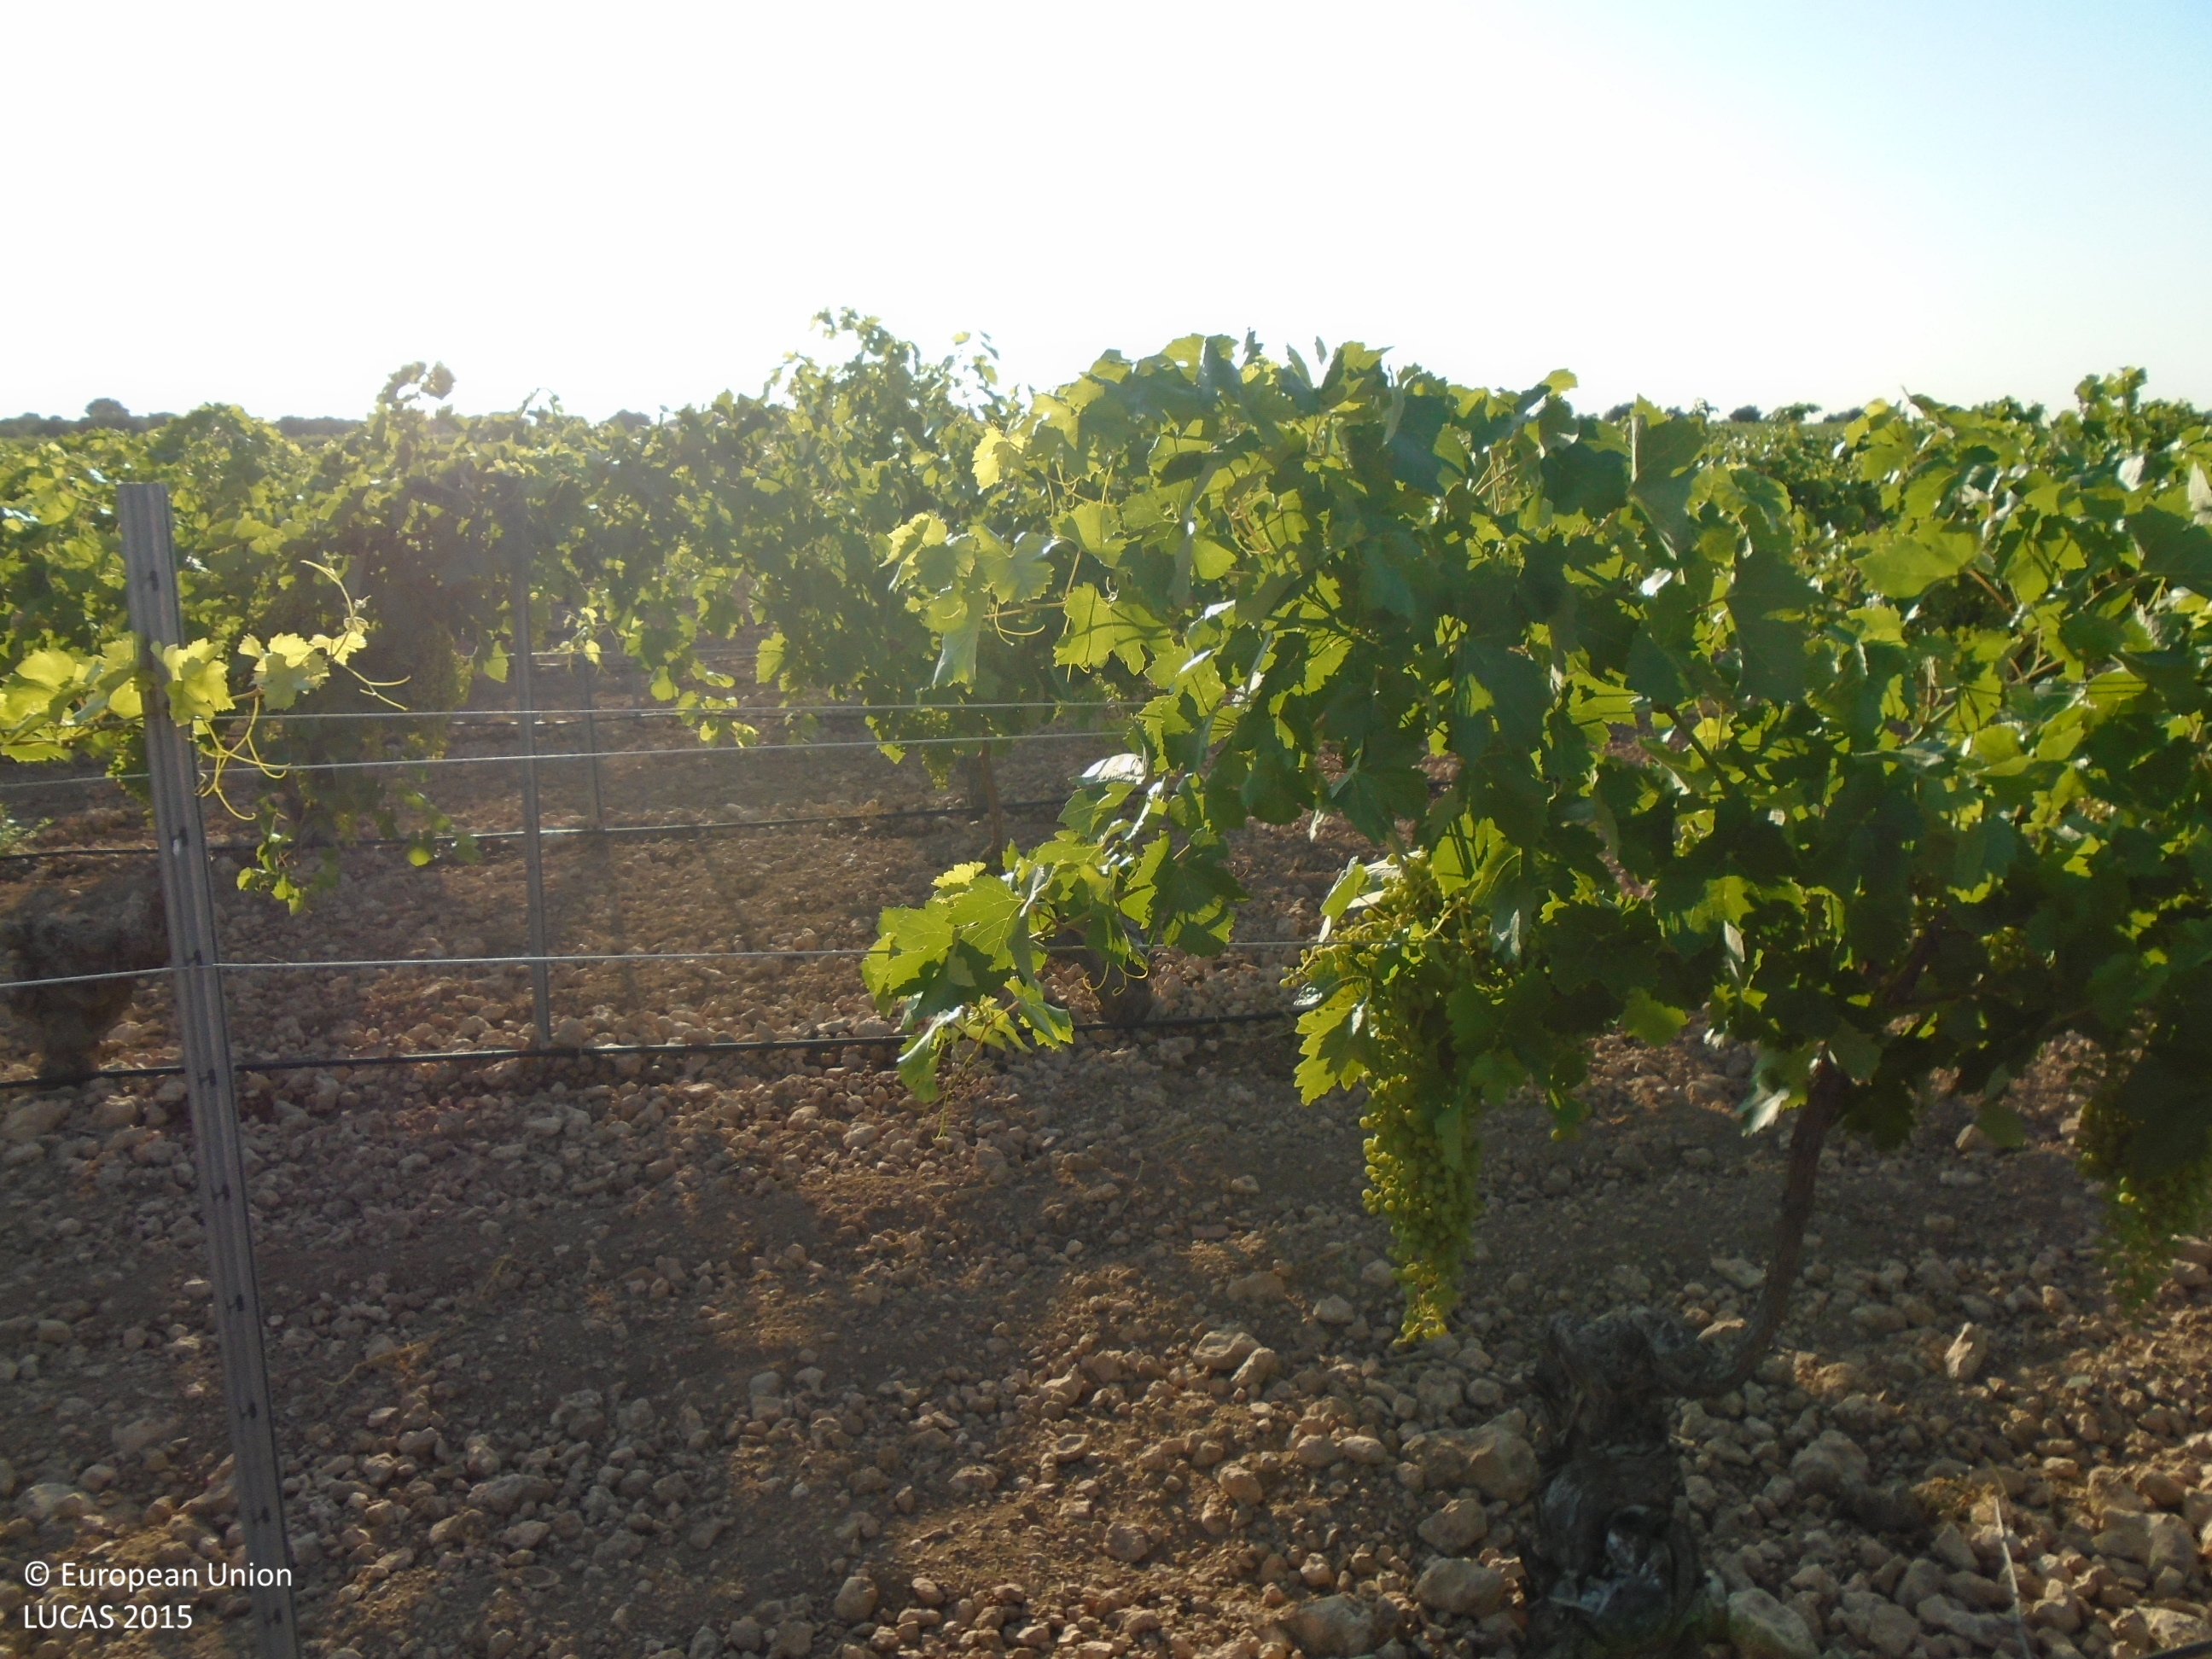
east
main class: Cropland
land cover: Vineyards
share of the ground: 10 - 25 %
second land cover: Other bare soil
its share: > 75 %
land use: Agriculture (excluding fallow land and kitchen gardens)
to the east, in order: Vineyards; Other bare soil; Grass margins; Vineyards; Grass margins; Olive groves; Grass margins; Tracks; Grass margins; Vineyards
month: June
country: ES
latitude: 39.1484
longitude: -3.6149

------------------------------------------------------------------------

Transcribe every record exactly and omit each image.

_ANSWER SPACE_
east
main class: Cropland
land cover: Vineyards
share of the ground: 10 - 25 %
second land cover: Other bare soil
its share: > 75 %
land use: Agriculture (excluding fallow land and kitchen gardens)
to the east, in order: Vineyards; Other bare soil; Grass margins; Vineyards; Grass margins; Olive groves; Grass margins; Tracks; Grass margins; Vineyards
month: June
country: ES
latitude: 39.1484
longitude: -3.6149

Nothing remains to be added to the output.